# AVAILABLE DATA
------------------------

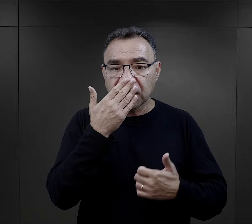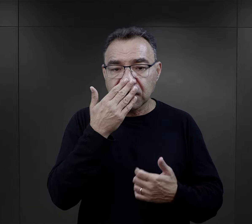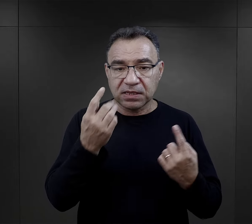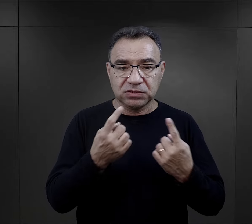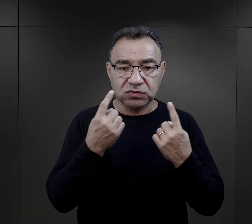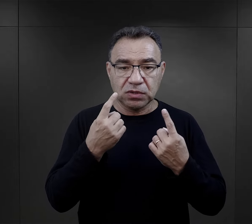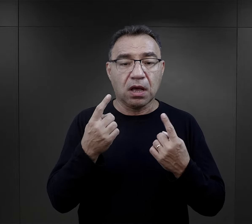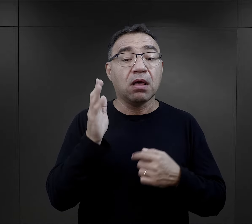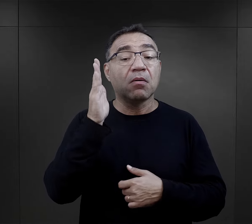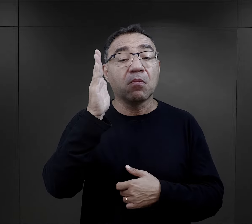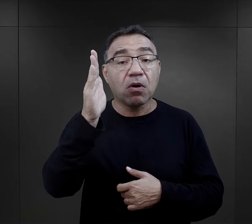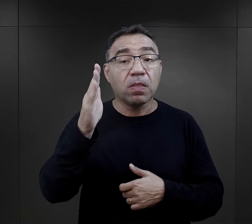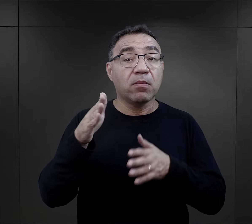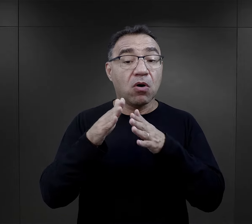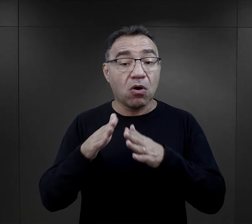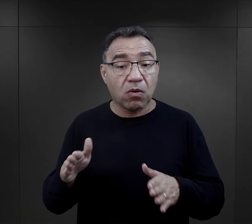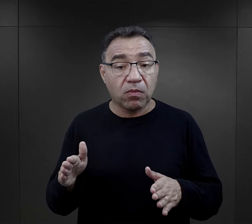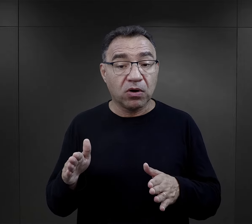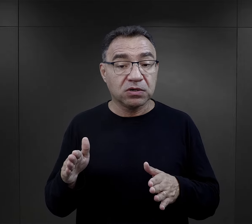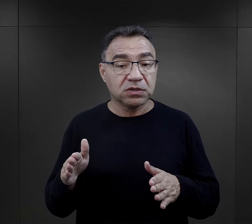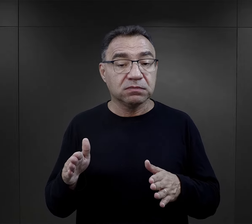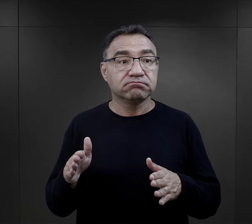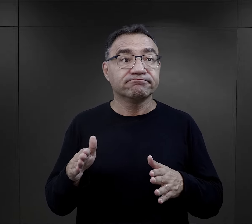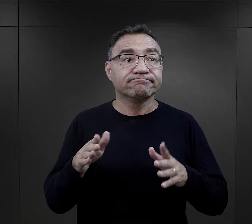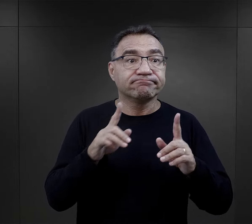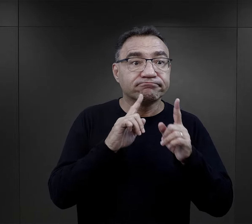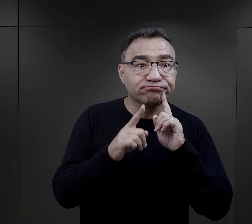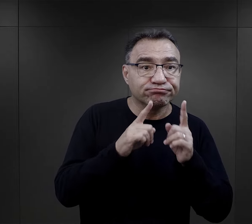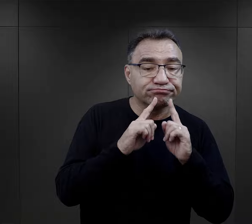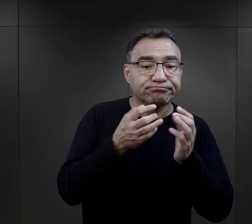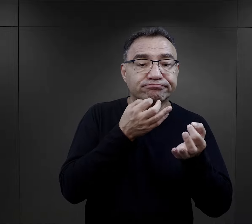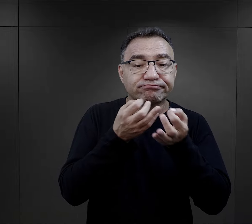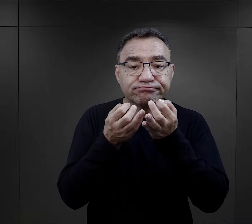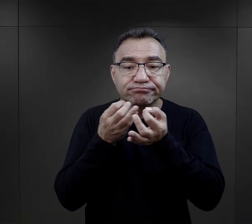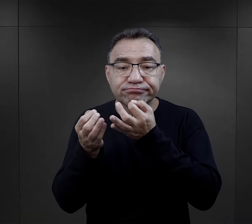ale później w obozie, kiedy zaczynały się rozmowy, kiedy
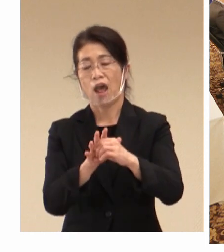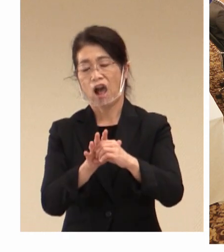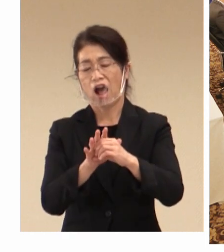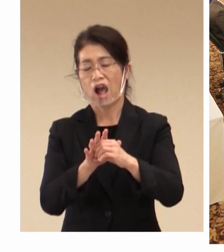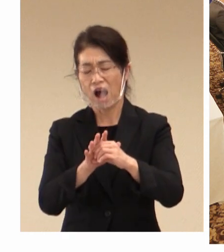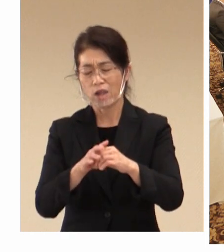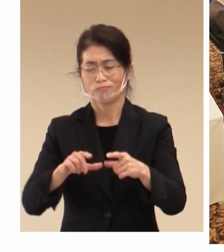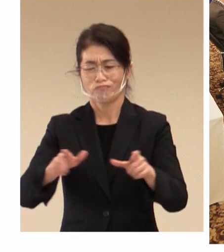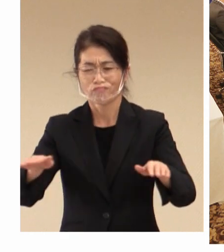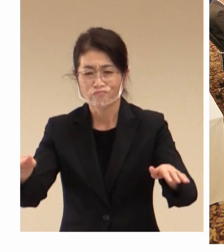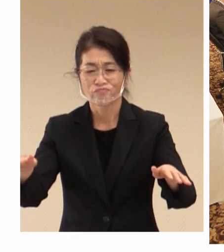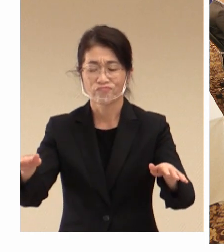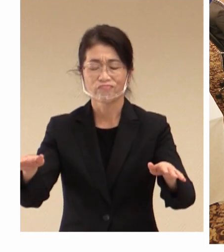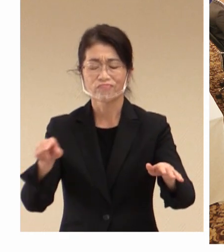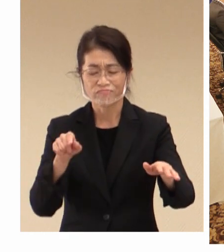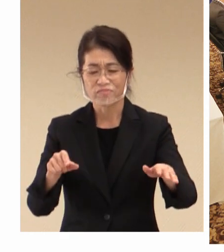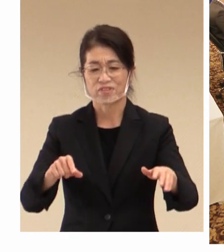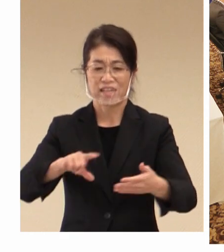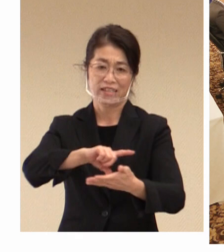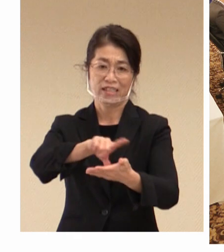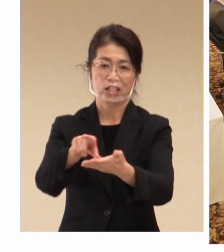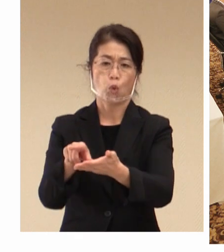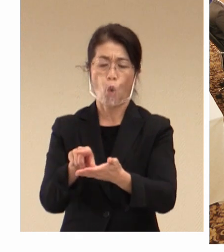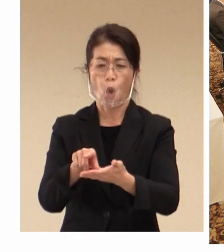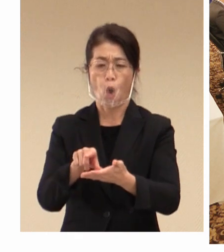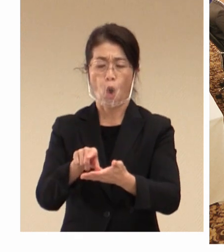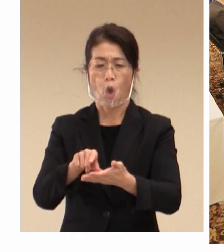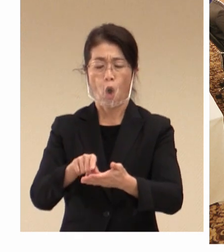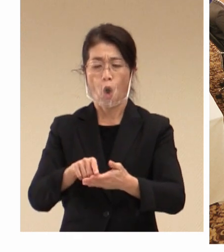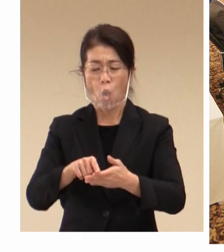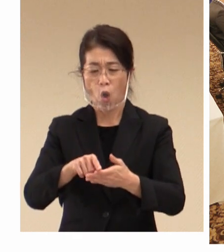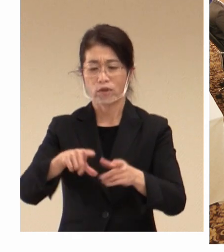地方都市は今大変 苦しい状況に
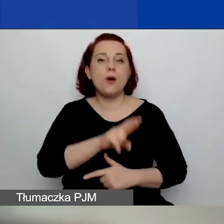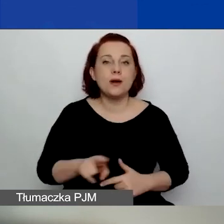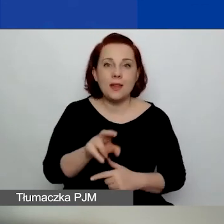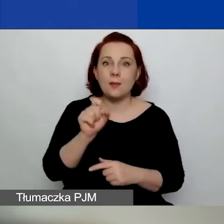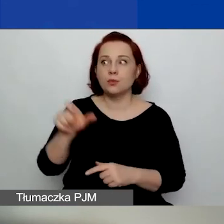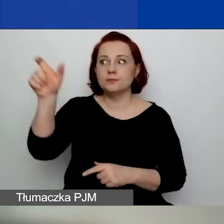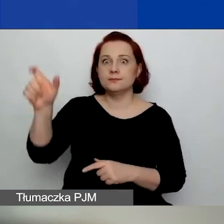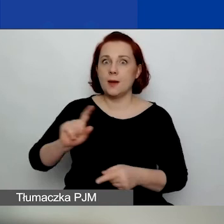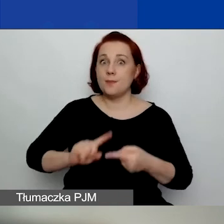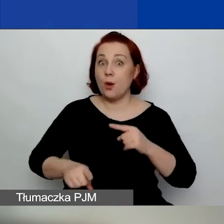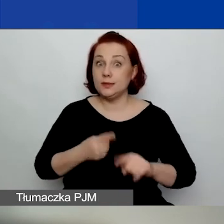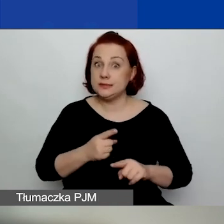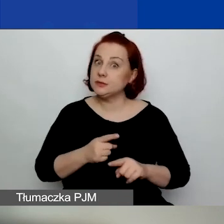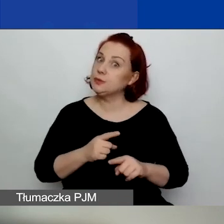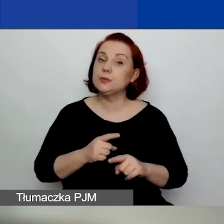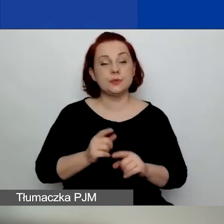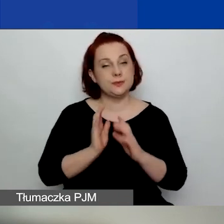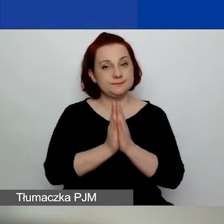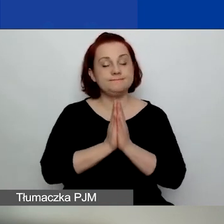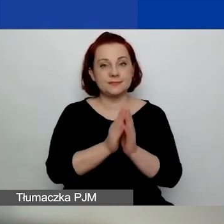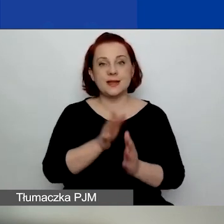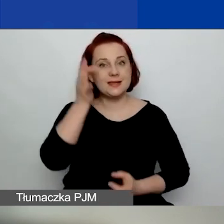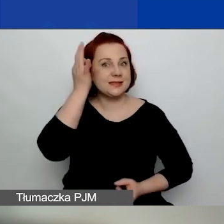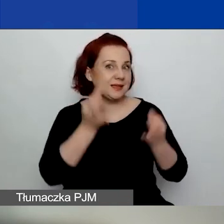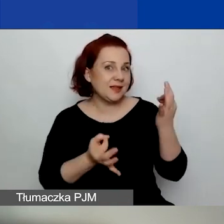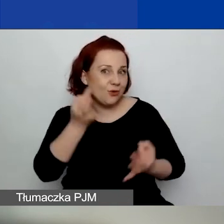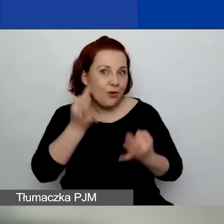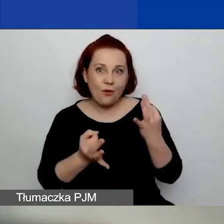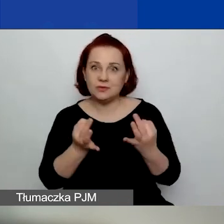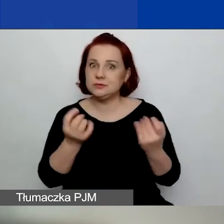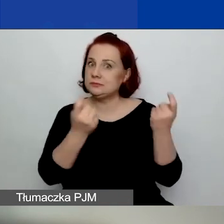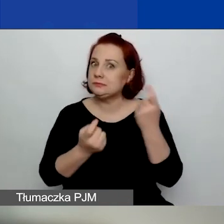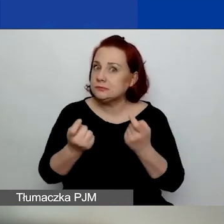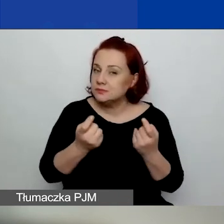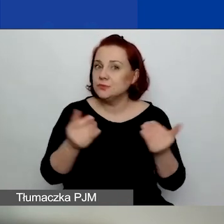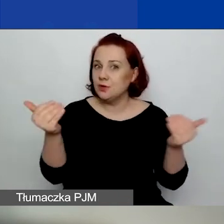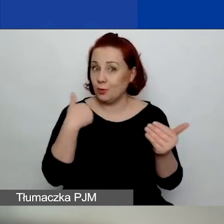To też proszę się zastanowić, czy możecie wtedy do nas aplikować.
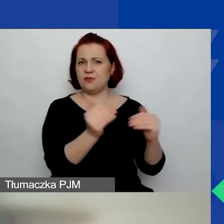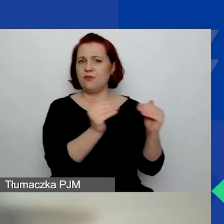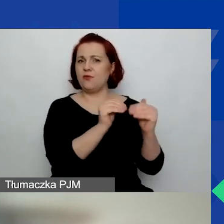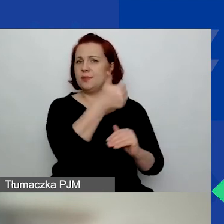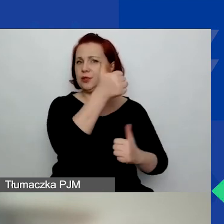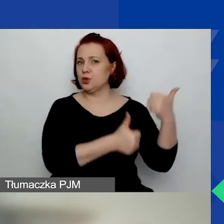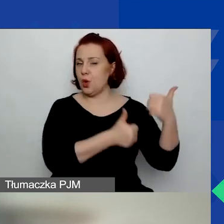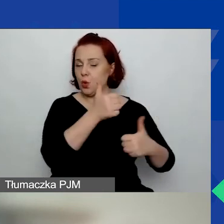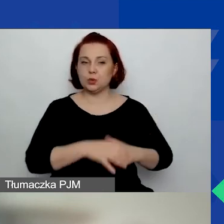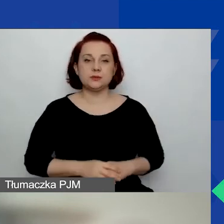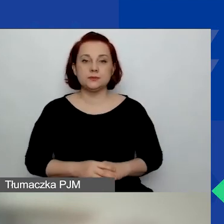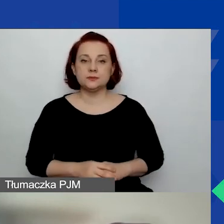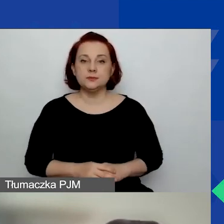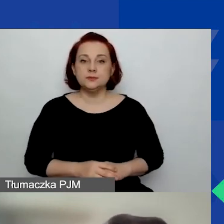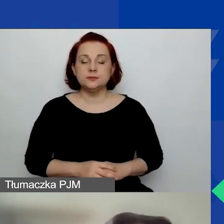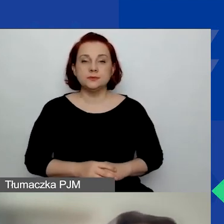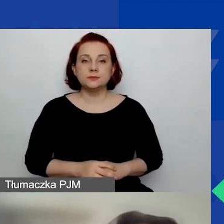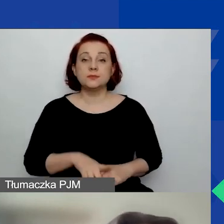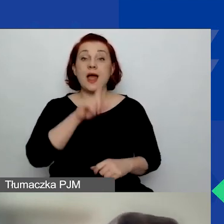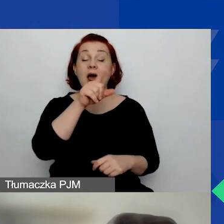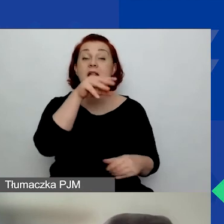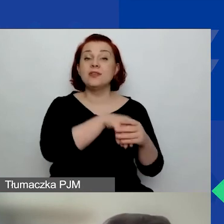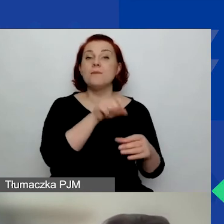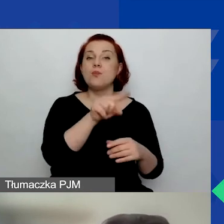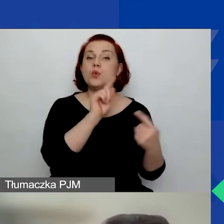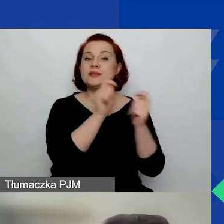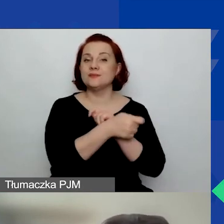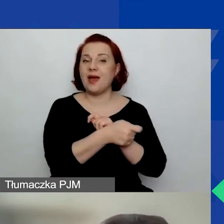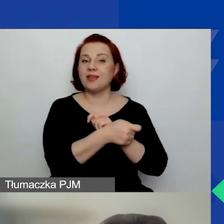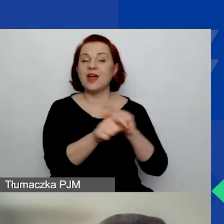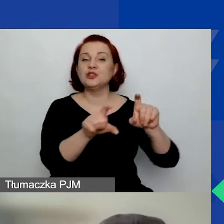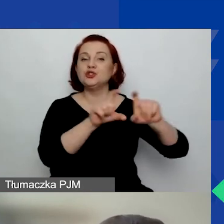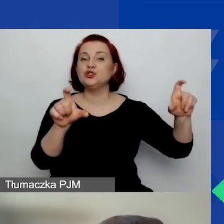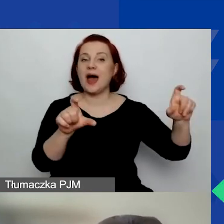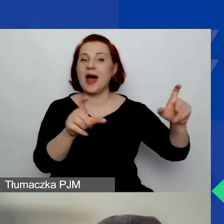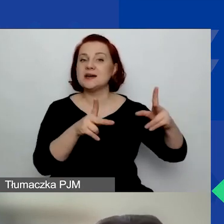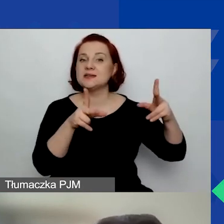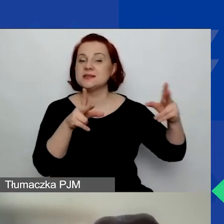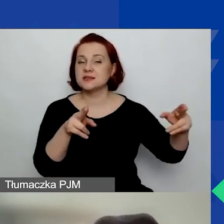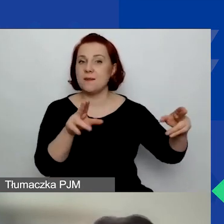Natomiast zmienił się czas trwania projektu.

------------------------

Give the material again exactly as it is, but keep the pictures out.

# YOUR RESPONSE
ale później w obozie, kiedy zaczynały się rozmowy, kiedy
地方都市は今大変 苦しい状況に
To też proszę się zastanowić, czy możecie wtedy do nas aplikować.
Natomiast zmienił się czas trwania projektu.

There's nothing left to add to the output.